Direct sum of a subspace and its orthogonal complement

Question

Can someone give me an geometric and intuitive explanation for why this Theorem is right? Direct sum of a subspace and its orthogonal complement Suppose U is a finite-dimensional subspace of V. Then $V=U⊕U^⊥$

Thank You

Answer 1

This has a geometric picture in $\mathbb{R}^2$ and $\mathbb{R}^3$.

In $\mathbb{R}^2$, you can think of $U$ as a line through the origin, and $U^\perp$ as the line through the origin perpendicular to it. For example, $U$ could be the line spanned by $(1,1)$ and $U^\perp$ the line spanned by $(-1,1)$. To get to any vector in $\mathbb{R}^2$, we can first go along some vector in $U$, then add a vector in $U^\perp$, just like the parallelogram law for the sum of two vectors, and there is only one way to do this.
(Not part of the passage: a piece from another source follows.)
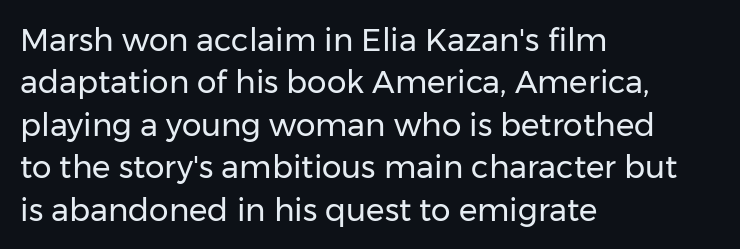
The image shows 31 px regular-weight sans-serif type, upright; set left-aligned, normal line spacing (1.37x), normal letter spacing, not underlined; low stroke contrast and a medium x-height.
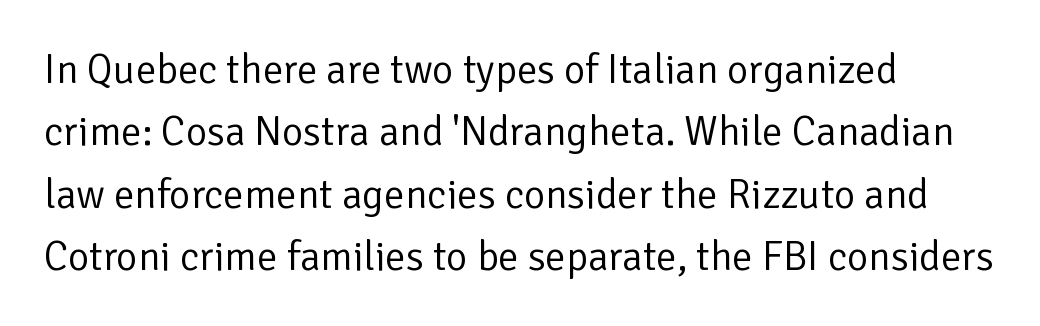
{"serif": "no", "italic": "no", "bold": "no", "weight": "regular", "width": "normal", "stroke_contrast": "low", "x_height": "medium", "monospaced": "no", "underline": "no", "align": "left", "line_spacing": "normal", "line_spacing_ratio": 1.52, "letter_spacing": "normal", "letter_spacing_em": 0.0, "glyph_px": 41}

In $\mathbb{R}^3$, you can think of $U$ as a plane through the origin, and $U^\perp$ as the line through the origin that’s normal to $U$. For example, $U$ might be the $xy$-plane and $U^\perp$ the $z$-axis. To get to any point in $\mathbb{R}^3$, there is a unique way to write it as the sum of some vector in the $xy$-plane and some vector in the $z$-axis. We can first look at its “shadow” in the $xy$-plane, i.e. a point $(x,y,0)$, which corresponds to the $U$ component, and then add to this the “height” component $(0,0,z)$, which corresponds to the $U^\perp$ component.